• What is being asked:
Without the pictures, reproduce the records that follow exactly.

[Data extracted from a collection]
•••

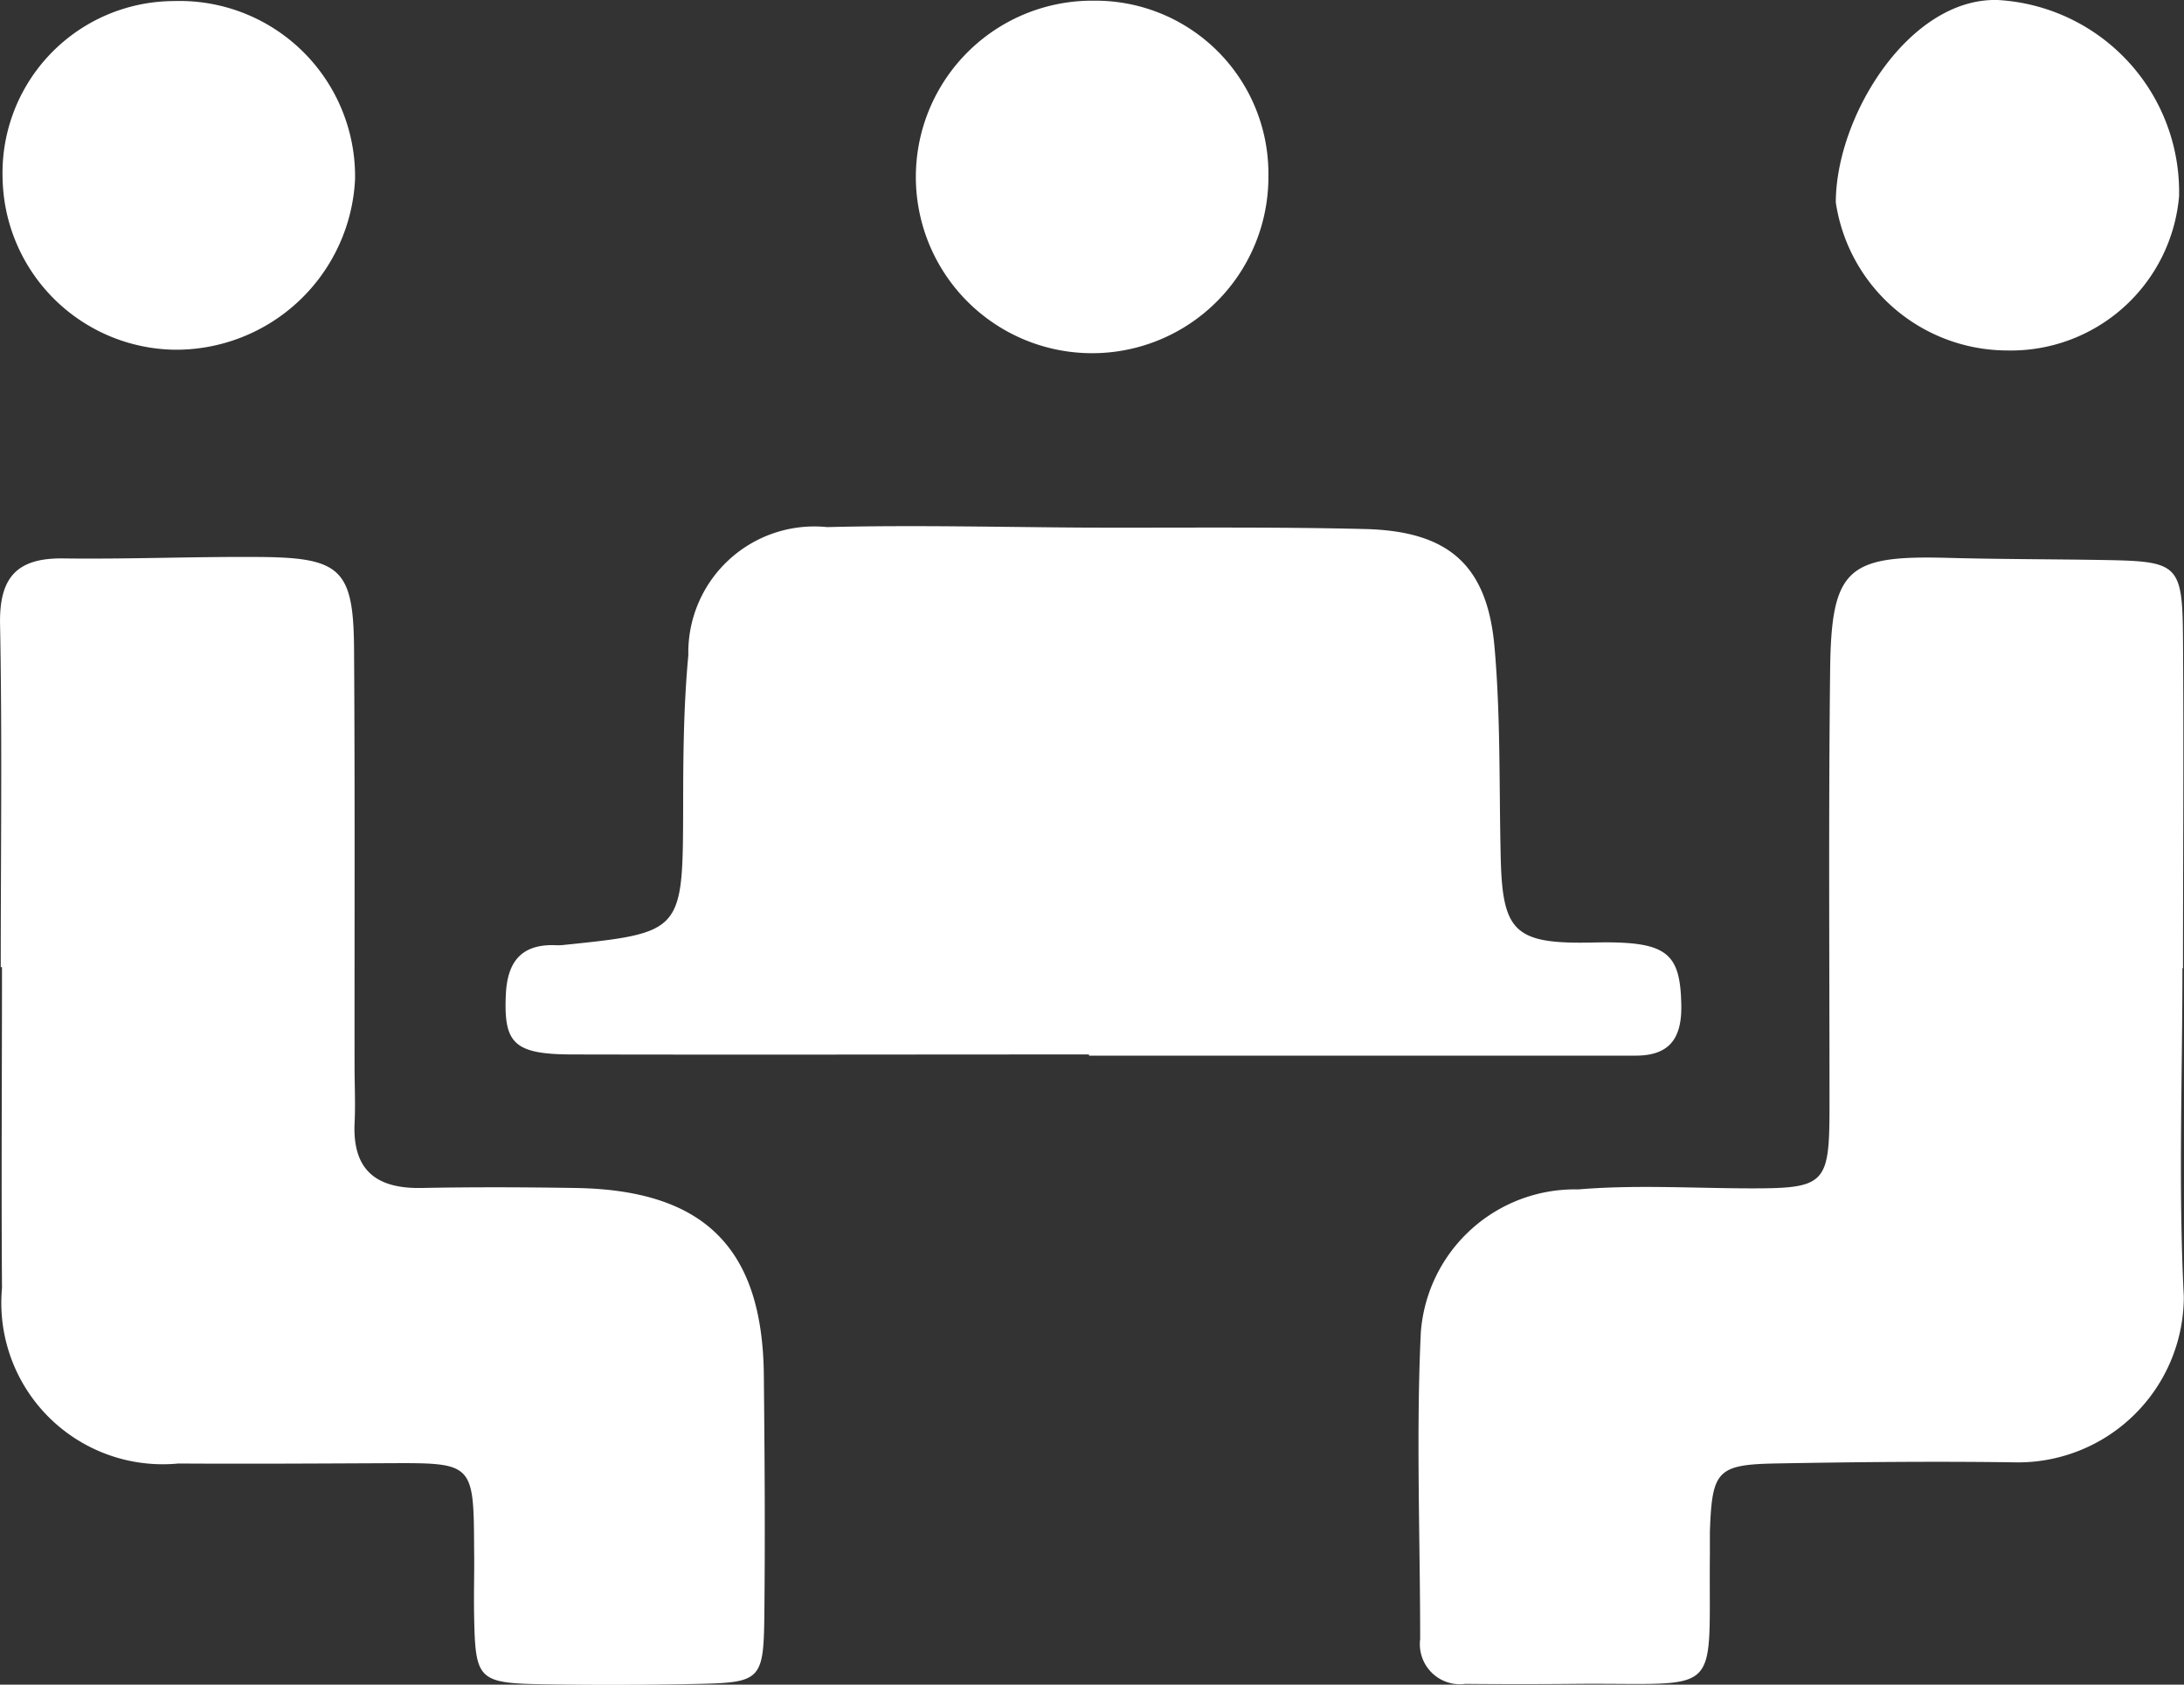 <svg xmlns="http://www.w3.org/2000/svg" width="35" height="27" viewBox="0 0 35 27">
  <rect x="0" y="0" width="35" height="27" fill="#333333" stroke="none"/>
  <g id="Groupe_2819" data-name="Groupe 2819" transform="translate(0)">
    <path id="Tracé_2609" data-name="Tracé 2609" d="M625.862,1280.239c0-1.831.024-3.662-.011-5.492-.015-.75.265-1.067,1.01-1.058,1.051.014,2.1-.031,3.155-.023,1.3.01,1.5.2,1.508,1.486.015,2.22.006,4.441.008,6.661,0,.312.016.624,0,.935-.031.758.361,1.045,1.077,1.031.818-.016,1.636-.013,2.454,0,2.069.029,3.008.957,3.028,3,.013,1.285.022,2.571.008,3.856-.011,1.024-.061,1.07-1.045,1.092q-1.226.027-2.454.007c-1.095-.017-1.133-.06-1.152-1.112-.007-.35.006-.7,0-1.052-.006-1.382-.014-1.386-1.352-1.38-1.129.005-2.259.012-3.388.005a2.587,2.587,0,0,1-2.826-2.813c-.012-1.714,0-3.428,0-5.142Z" transform="translate(-625.85 -1264.739)" fill="#fff"/>
    <path id="Tracé_2610" data-name="Tracé 2610" d="M686.222,1280.277c0,1.754-.067,3.511.022,5.26a2.658,2.658,0,0,1-2.663,2.658c-1.286-.019-2.572-.006-3.858.017-.961.017-1.039.115-1.074,1.093,0,.116,0,.234,0,.351-.022,2.359.236,2.067-2.165,2.089q-.877.008-1.754,0a.642.642,0,0,1-.724-.716c0-1.637-.066-3.277.01-4.909a2.476,2.476,0,0,1,2.525-2.3c.89-.075,1.791-.021,2.687-.017,1.272.005,1.336-.049,1.338-1.291,0-2.338-.017-4.677.01-7.015.018-1.624.276-1.839,1.85-1.8.855.024,1.71.021,2.566.036,1.171.021,1.231.071,1.239,1.277.013,1.754,0,3.508,0,5.262Z" transform="translate(-651.247 -1264.757)" fill="#fff"/>
    <path id="Tracé_2611" data-name="Tracé 2611" d="M652.516,1281.67c-2.755,0-5.51.006-8.265,0-.949,0-1.113-.175-1.079-.952.022-.509.226-.813.78-.8a.971.971,0,0,0,.118,0c1.945-.2,1.937-.2,1.944-2.2,0-.816.007-1.636.083-2.447a2.02,2.02,0,0,1,2.225-2.053c1.377-.035,2.755,0,4.133.008,1.5.005,2.992-.014,4.487.023,1.335.033,1.957.574,2.074,1.885.1,1.121.073,2.252.1,3.379.027,1.2.227,1.391,1.481,1.363,1.184-.026,1.4.148,1.413,1.02.006.539-.209.8-.755.793-.826,0-1.652,0-2.478,0h-6.258Z" transform="translate(-635.066 -1264.77)" fill="#fff"/>
    <path id="Tracé_2612" data-name="Tracé 2612" d="M628.686,1261.323a2.8,2.8,0,0,1-2.747-2.732,2.755,2.755,0,0,1,2.748-2.856,2.812,2.812,0,0,1,2.9,2.855A2.872,2.872,0,0,1,628.686,1261.323Z" transform="translate(-625.897 -1255.718)" fill="#fff"/>
    <path id="Tracé_2613" data-name="Tracé 2613" d="M662.642,1258.52a2.825,2.825,0,1,1-2.8-2.8A2.772,2.772,0,0,1,662.642,1258.52Z" transform="translate(-642.315 -1255.709)" fill="#fff"/>
    <path id="Tracé_2614" data-name="Tracé 2614" d="M691.02,1261.316a2.784,2.784,0,0,1-2.744-2.371c0-1.383,1.176-3.283,2.592-3.246a3.081,3.081,0,0,1,2.909,3.146A2.706,2.706,0,0,1,691.02,1261.316Z" transform="translate(-658.856 -1255.699)" fill="#fff"/>
  </g>
</svg>

•••

• Answer to the exercise:
 <svg xmlns="http://www.w3.org/2000/svg" width="35" height="27" viewBox="0 0 35 27">
  <rect x="0" y="0" width="35" height="27" fill="#333333" stroke="none"/>
  <g id="Groupe_2819" data-name="Groupe 2819" transform="translate(0)">
    <path id="Tracé_2609" data-name="Tracé 2609" d="M625.862,1280.239c0-1.831.024-3.662-.011-5.492-.015-.75.265-1.067,1.01-1.058,1.051.014,2.1-.031,3.155-.023,1.3.01,1.5.2,1.508,1.486.015,2.22.006,4.441.008,6.661,0,.312.016.624,0,.935-.031.758.361,1.045,1.077,1.031.818-.016,1.636-.013,2.454,0,2.069.029,3.008.957,3.028,3,.013,1.285.022,2.571.008,3.856-.011,1.024-.061,1.07-1.045,1.092q-1.226.027-2.454.007c-1.095-.017-1.133-.06-1.152-1.112-.007-.35.006-.7,0-1.052-.006-1.382-.014-1.386-1.352-1.38-1.129.005-2.259.012-3.388.005a2.587,2.587,0,0,1-2.826-2.813c-.012-1.714,0-3.428,0-5.142Z" transform="translate(-625.85 -1264.739)" fill="#fff"/>
    <path id="Tracé_2610" data-name="Tracé 2610" d="M686.222,1280.277c0,1.754-.067,3.511.022,5.26a2.658,2.658,0,0,1-2.663,2.658c-1.286-.019-2.572-.006-3.858.017-.961.017-1.039.115-1.074,1.093,0,.116,0,.234,0,.351-.022,2.359.236,2.067-2.165,2.089q-.877.008-1.754,0a.642.642,0,0,1-.724-.716c0-1.637-.066-3.277.01-4.909a2.476,2.476,0,0,1,2.525-2.3c.89-.075,1.791-.021,2.687-.017,1.272.005,1.336-.049,1.338-1.291,0-2.338-.017-4.677.01-7.015.018-1.624.276-1.839,1.85-1.8.855.024,1.71.021,2.566.036,1.171.021,1.231.071,1.239,1.277.013,1.754,0,3.508,0,5.262Z" transform="translate(-651.247 -1264.757)" fill="#fff"/>
    <path id="Tracé_2611" data-name="Tracé 2611" d="M652.516,1281.67c-2.755,0-5.51.006-8.265,0-.949,0-1.113-.175-1.079-.952.022-.509.226-.813.78-.8a.971.971,0,0,0,.118,0c1.945-.2,1.937-.2,1.944-2.2,0-.816.007-1.636.083-2.447a2.02,2.02,0,0,1,2.225-2.053c1.377-.035,2.755,0,4.133.008,1.5.005,2.992-.014,4.487.023,1.335.033,1.957.574,2.074,1.885.1,1.121.073,2.252.1,3.379.027,1.2.227,1.391,1.481,1.363,1.184-.026,1.4.148,1.413,1.02.006.539-.209.8-.755.793-.826,0-1.652,0-2.478,0h-6.258Z" transform="translate(-635.066 -1264.77)" fill="#fff"/>
    <path id="Tracé_2612" data-name="Tracé 2612" d="M628.686,1261.323a2.8,2.8,0,0,1-2.747-2.732,2.755,2.755,0,0,1,2.748-2.856,2.812,2.812,0,0,1,2.9,2.855A2.872,2.872,0,0,1,628.686,1261.323Z" transform="translate(-625.897 -1255.718)" fill="#fff"/>
    <path id="Tracé_2613" data-name="Tracé 2613" d="M662.642,1258.52a2.825,2.825,0,1,1-2.8-2.8A2.772,2.772,0,0,1,662.642,1258.52Z" transform="translate(-642.315 -1255.709)" fill="#fff"/>
    <path id="Tracé_2614" data-name="Tracé 2614" d="M691.02,1261.316a2.784,2.784,0,0,1-2.744-2.371c0-1.383,1.176-3.283,2.592-3.246a3.081,3.081,0,0,1,2.909,3.146A2.706,2.706,0,0,1,691.02,1261.316Z" transform="translate(-658.856 -1255.699)" fill="#fff"/>
  </g>
</svg>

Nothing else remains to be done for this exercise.